Please see the code below :-

void func()
{
unsigned char x,y,z=1;
(z==1) ? (x) : (y) = 1; /* Compiles OK */
((z==1) ? (x) : (y)) = 1; /* Compiler generates an error "Variable
expected" */
}

[...]
The ?: operator returns a right-value.

This is true.

You cannot use it to choose which variable to assign to.

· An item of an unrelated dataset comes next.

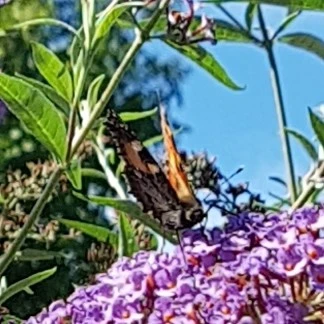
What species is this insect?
Aglais urticae
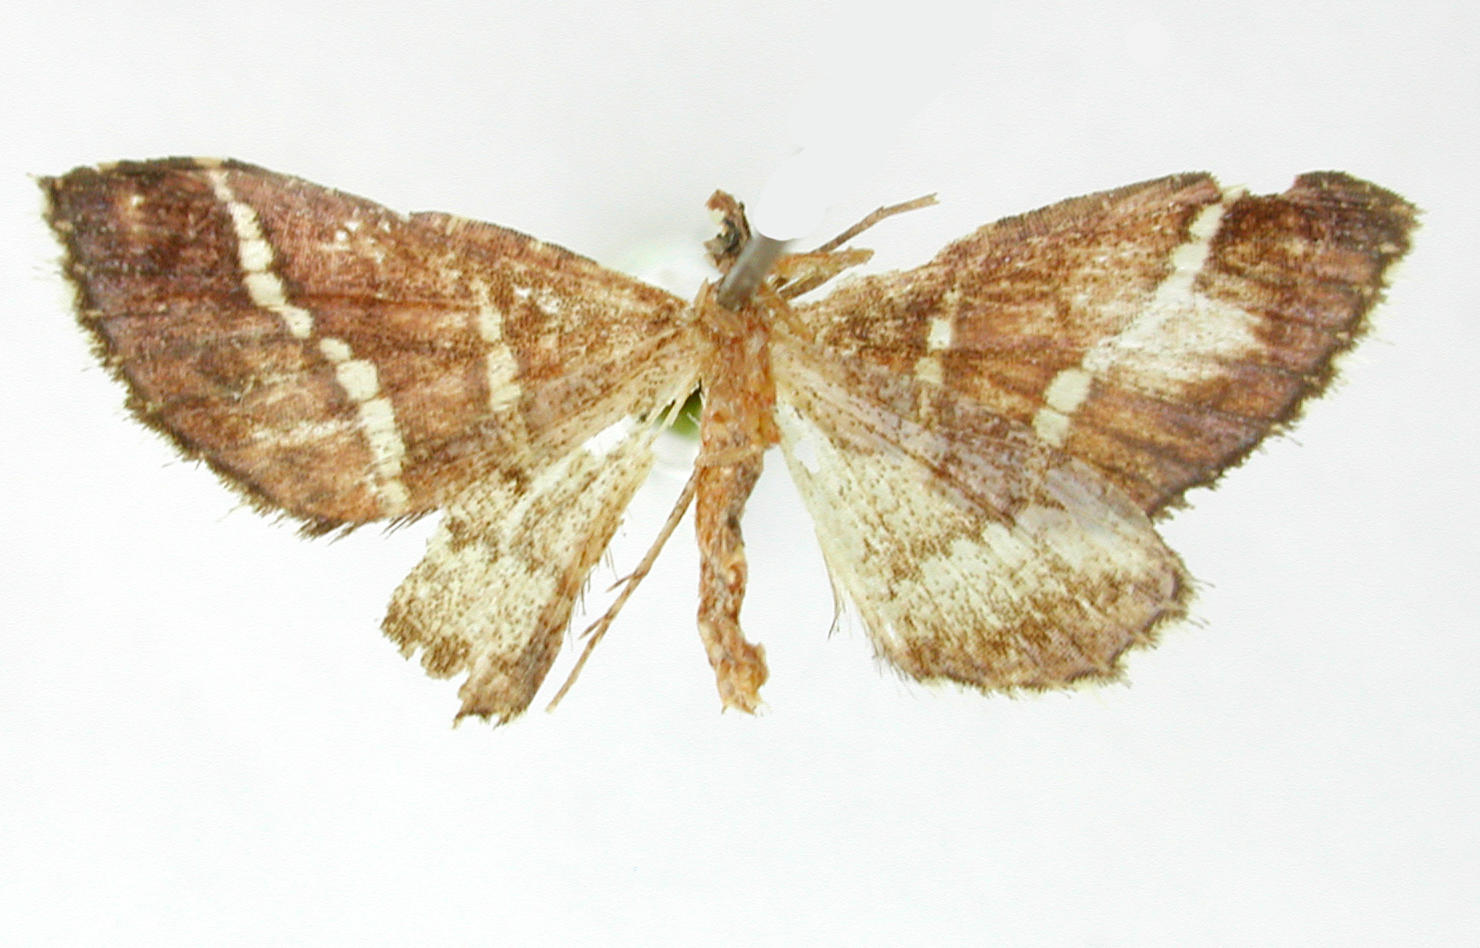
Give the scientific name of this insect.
Psaliodes bistrigata

This is not true - for example, we can rewrite the OPs code:

void func()
{
unsigned char x, y, z = 1;
*((z == 1) ? &x : &y) = 1;
}

- Kevin.

Right, you *can* do that, but would you?
A simple if(z==1) x=1; else y=1; looks a bit nicer. At least to me.

 

[Richard Bos]

Please see the code below :-

void func()
{
unsigned char x,y,z=1;
(z==1) ? (x) : (y) = 1; /* Compiles OK */
((z==1) ? (x) : (y)) = 1; /* Compiler generates an error "Variable
expected" */
}

Both lines are erroneous. If either compiles without
a diagnostic[*], the compiler is faulty.

What's wrong with the first line? Yes, it invokes undefined behaviour
because x is uninitialised, but imprimis that's a fault in the whole
function, not that one line, and secundis diagnostics are not required
for UB.

Richard

 

[Eric Sosman]

Please see the code below :-

void func()
{
unsigned char x,y,z=1;
(z==1) ? (x) : (y) = 1; /* Compiles OK */
((z==1) ? (x) : (y)) = 1; /* Compiler generates an error "Variable
expected" */
}

Both lines are erroneous. If either compiles without
a diagnostic[*], the compiler is faulty.

What's wrong with the first line? [...]

Unless I'm wrong (it's happened ...), both parse identically:
the `?:' ternary operator "binds more tightly than" the `='
assignment operator. Let's see if I can get there from the
grammar:

- (z==1) is recognized as the "logical-OR-expression"
constituting the first operand of `?:'

- (x) is recognized as the "expression" constituting
the second operand

- (y) is recognized as the "conditional-expression"
constituting the third operand

- ... so the whole business before the `=' is recognized
as a "conditional-expression"

- ... which isn't an lvalue, as required by the `='
operator.

FWIW, the two completely different compilers I tried it
on both issue diagnostics for the line in question, although
gcc accepts *both* lines when run without `-ansi'.